AIM OF THE TASK —
Transcribe each entry in full, and leave the images out.

MATERIAL SHOWN —
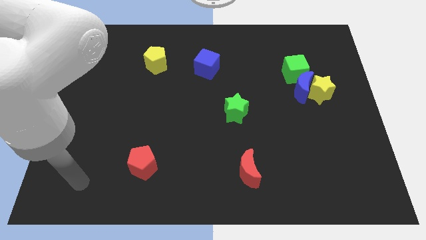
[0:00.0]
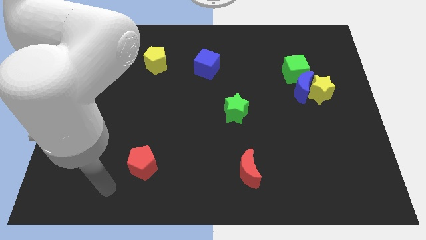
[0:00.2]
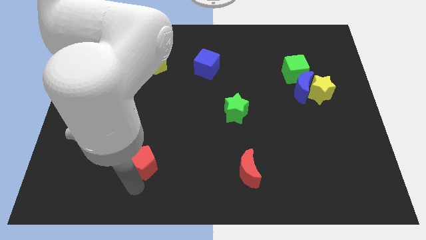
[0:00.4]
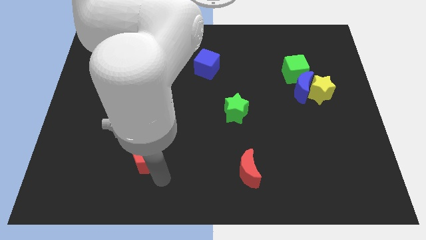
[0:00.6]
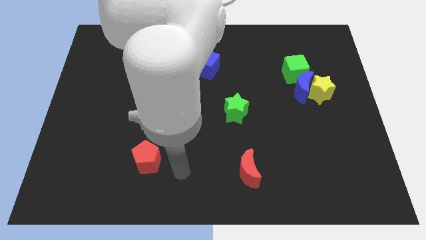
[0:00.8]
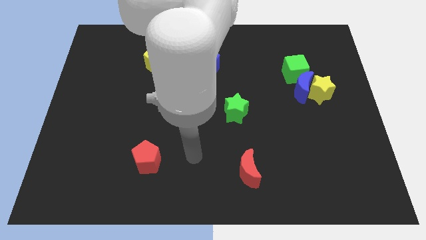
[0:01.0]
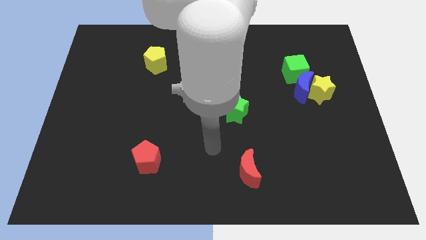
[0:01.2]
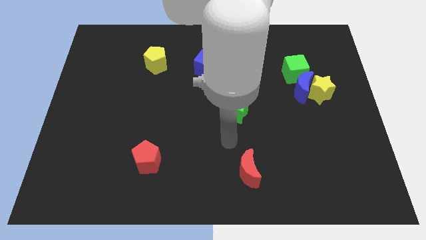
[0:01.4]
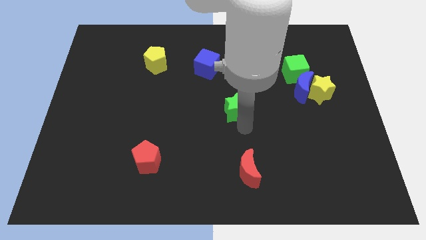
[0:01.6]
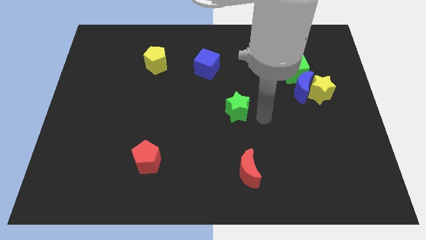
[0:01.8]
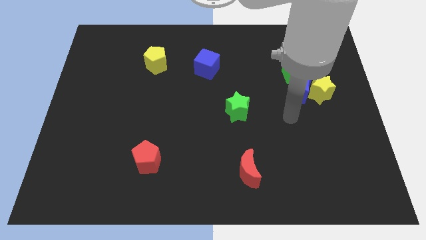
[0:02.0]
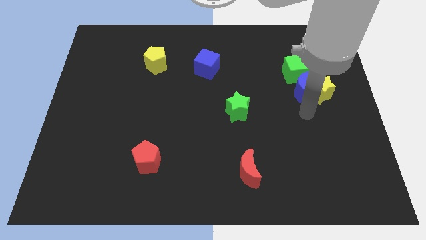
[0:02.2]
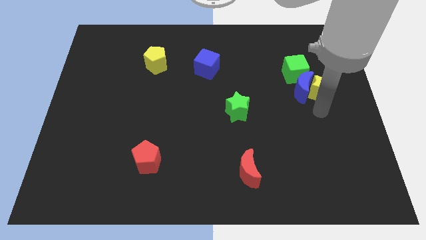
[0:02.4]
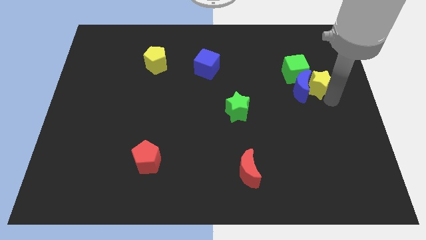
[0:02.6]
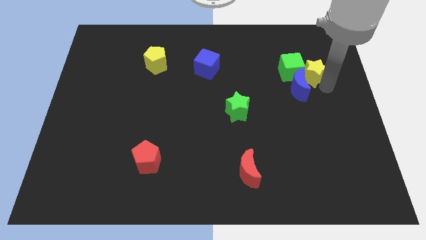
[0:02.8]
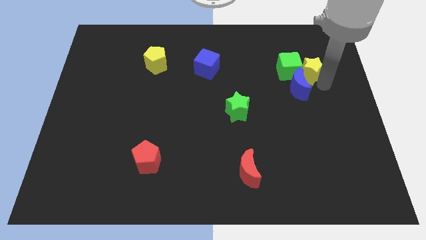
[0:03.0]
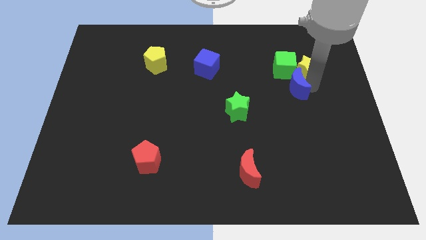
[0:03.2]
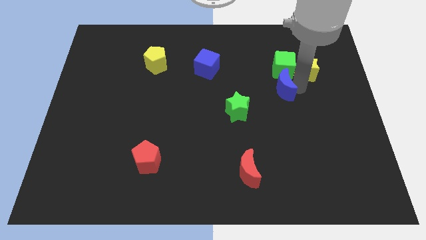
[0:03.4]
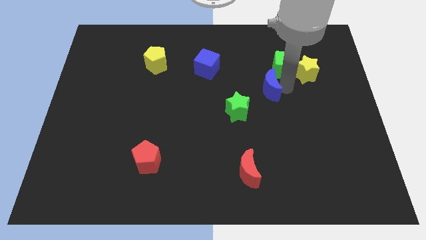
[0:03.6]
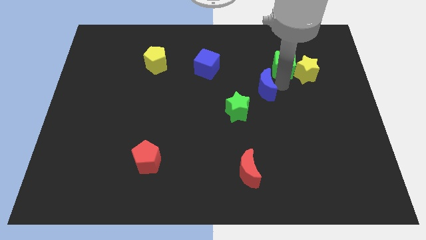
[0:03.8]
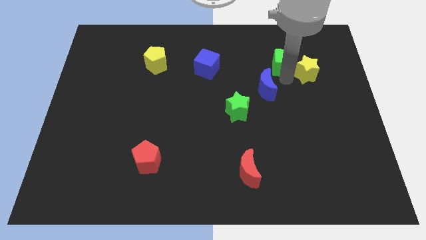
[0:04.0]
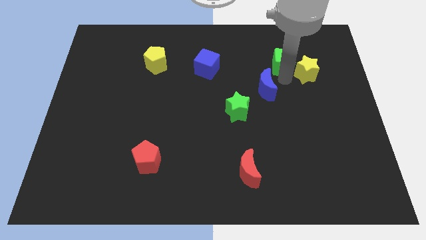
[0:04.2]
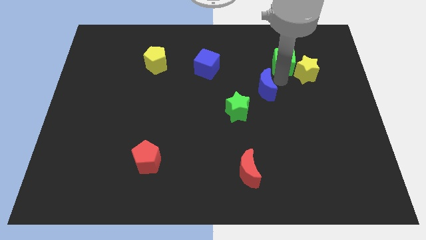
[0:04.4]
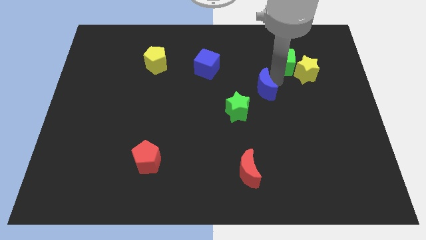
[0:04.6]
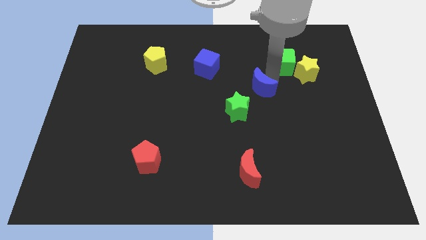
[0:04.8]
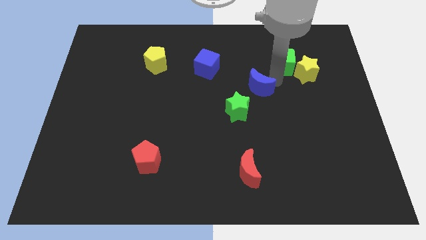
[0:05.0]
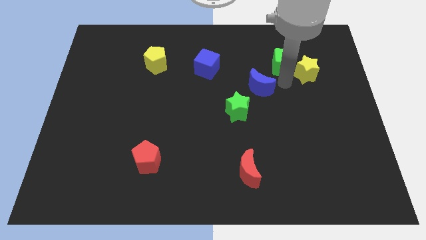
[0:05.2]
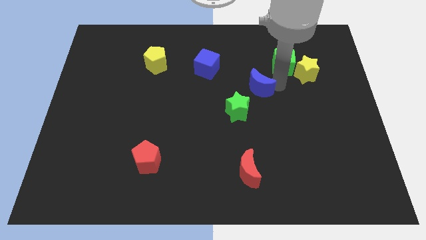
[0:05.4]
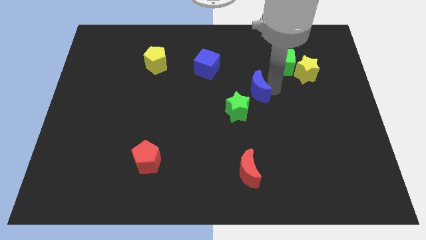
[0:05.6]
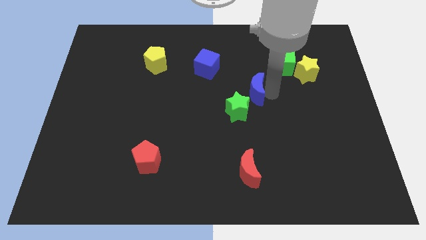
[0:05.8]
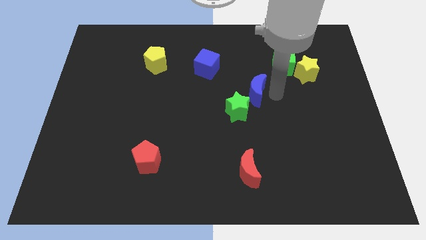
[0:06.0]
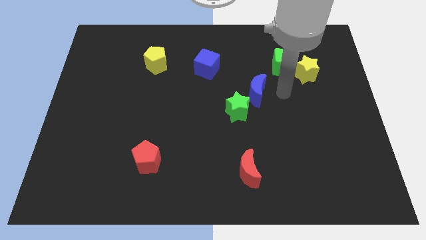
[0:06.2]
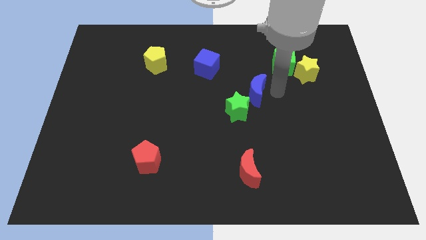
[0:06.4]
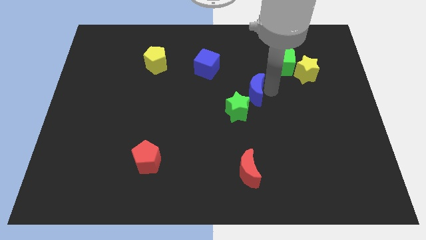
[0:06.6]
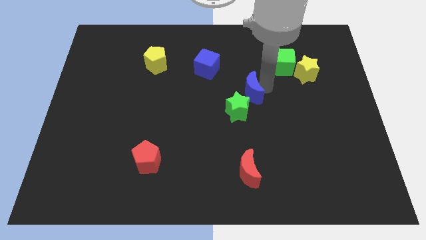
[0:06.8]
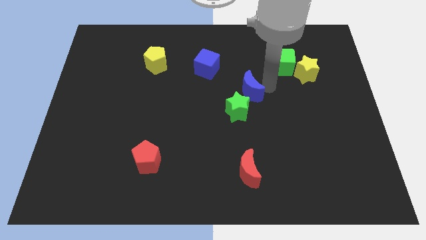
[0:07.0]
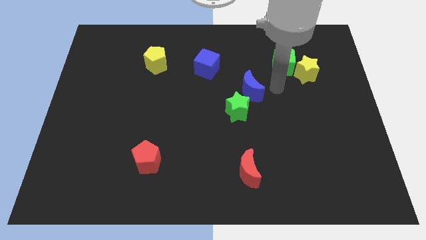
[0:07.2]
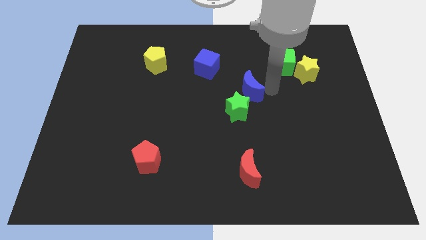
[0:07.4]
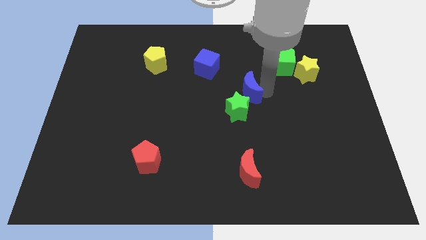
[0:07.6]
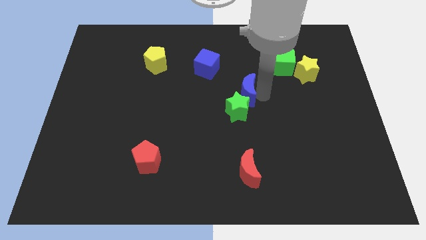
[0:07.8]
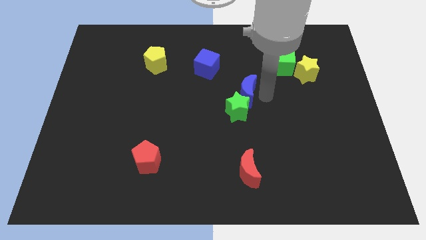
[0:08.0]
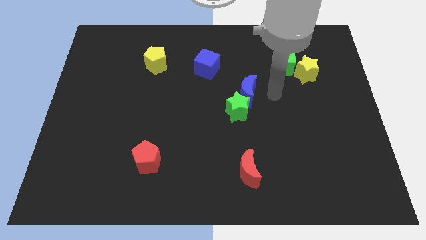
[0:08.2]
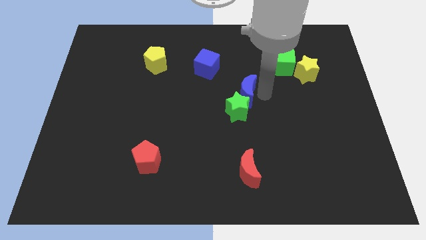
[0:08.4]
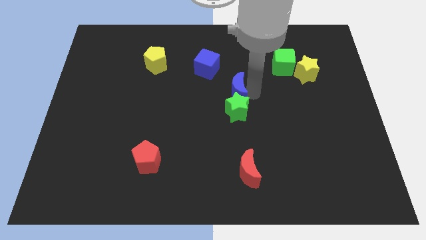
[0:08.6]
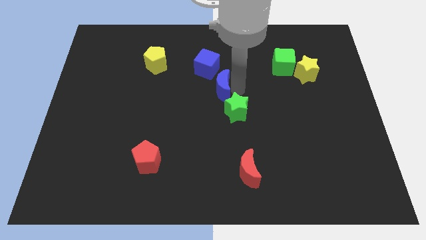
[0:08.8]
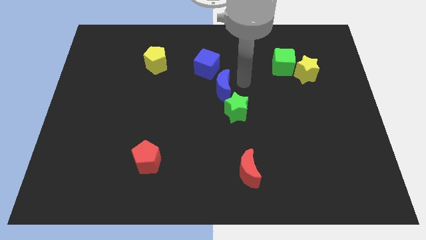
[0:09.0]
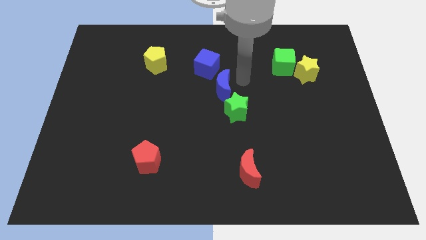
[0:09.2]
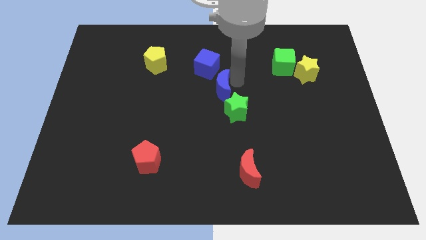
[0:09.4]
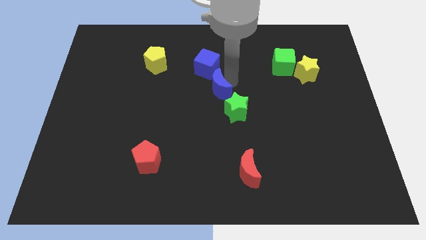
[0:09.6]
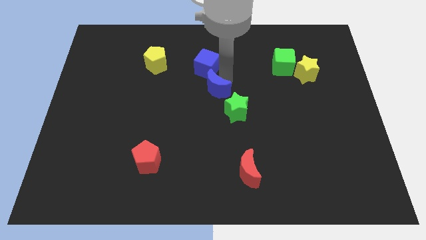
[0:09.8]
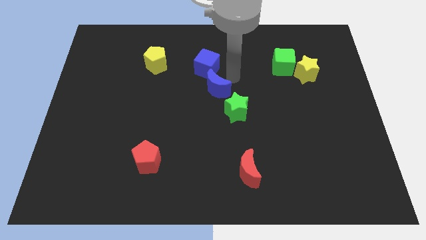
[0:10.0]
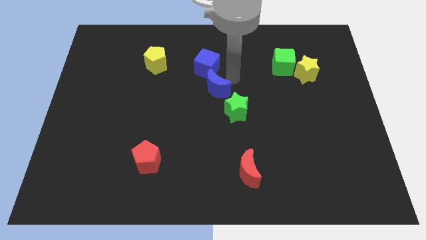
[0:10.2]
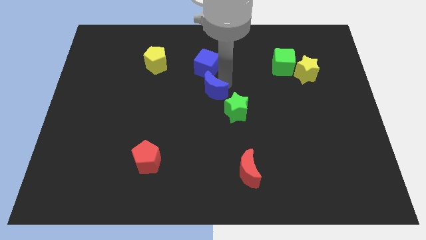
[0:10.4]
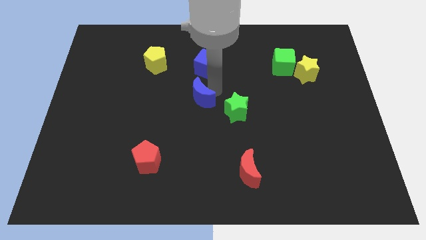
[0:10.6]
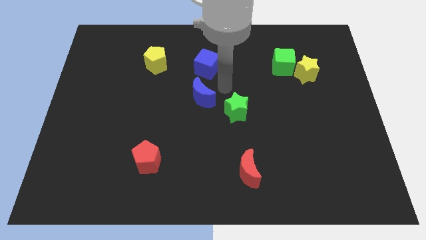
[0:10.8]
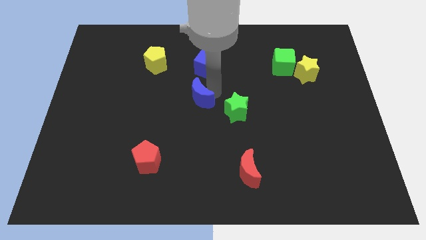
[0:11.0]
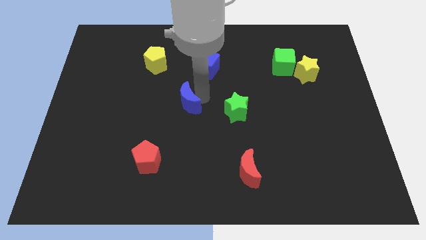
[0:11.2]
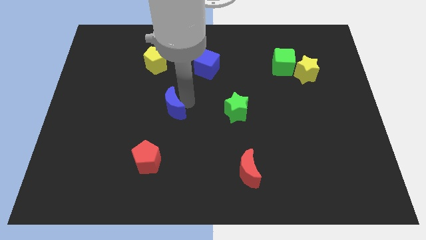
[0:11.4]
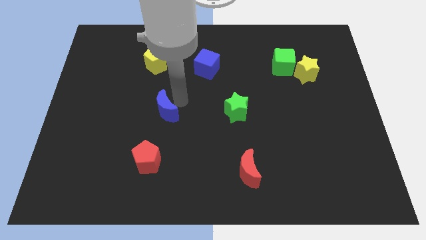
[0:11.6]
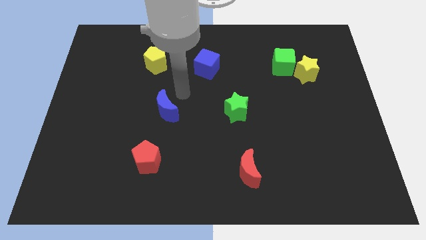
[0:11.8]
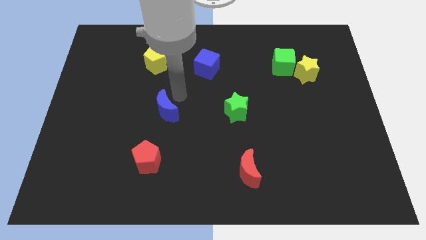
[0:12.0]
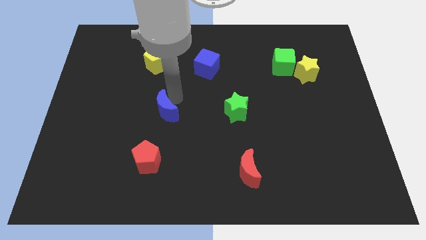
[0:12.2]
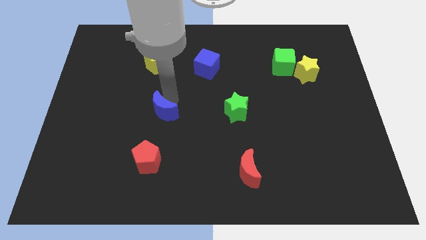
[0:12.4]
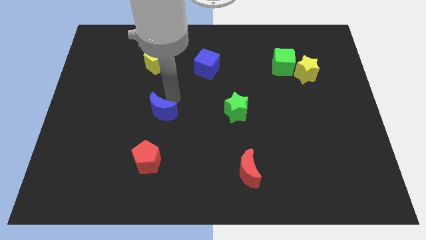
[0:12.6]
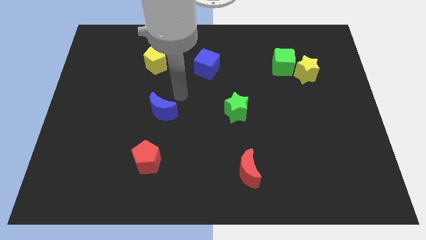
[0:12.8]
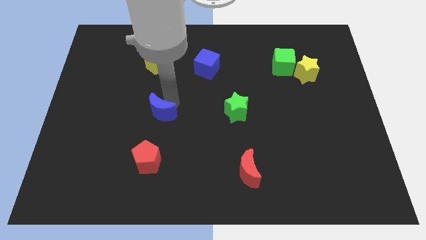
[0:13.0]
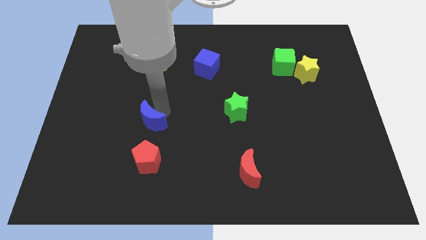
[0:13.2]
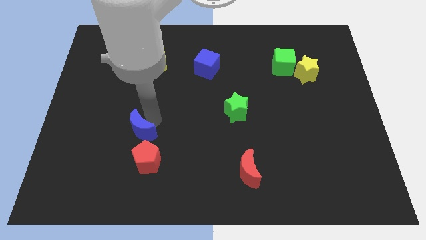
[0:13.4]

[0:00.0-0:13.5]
move the blue moon to the top left side of the red pentagon

THE COMPLETED TASK —
[0:00.0]
[0:00.2]
[0:00.4]
[0:00.6]
[0:00.8]
[0:01.0]
[0:01.2]
[0:01.4]
[0:01.6]
[0:01.8]
[0:02.0]
[0:02.2]
[0:02.4]
[0:02.6]
[0:02.8]
[0:03.0]
[0:03.2]
[0:03.4]
[0:03.6]
[0:03.8]
[0:04.0]
[0:04.2]
[0:04.4]
[0:04.6]
[0:04.8]
[0:05.0]
[0:05.2]
[0:05.4]
[0:05.6]
[0:05.8]
[0:06.0]
[0:06.2]
[0:06.4]
[0:06.6]
[0:06.8]
[0:07.0]
[0:07.2]
[0:07.4]
[0:07.6]
[0:07.8]
[0:08.0]
[0:08.2]
[0:08.4]
[0:08.6]
[0:08.8]
[0:09.0]
[0:09.2]
[0:09.4]
[0:09.6]
[0:09.8]
[0:10.0]
[0:10.2]
[0:10.4]
[0:10.6]
[0:10.8]
[0:11.0]
[0:11.2]
[0:11.4]
[0:11.6]
[0:11.8]
[0:12.0]
[0:12.2]
[0:12.4]
[0:12.6]
[0:12.8]
[0:13.0]
[0:13.2]
[0:13.4]

[0:00.0-0:13.5]
move the blue moon to the top left side of the red pentagon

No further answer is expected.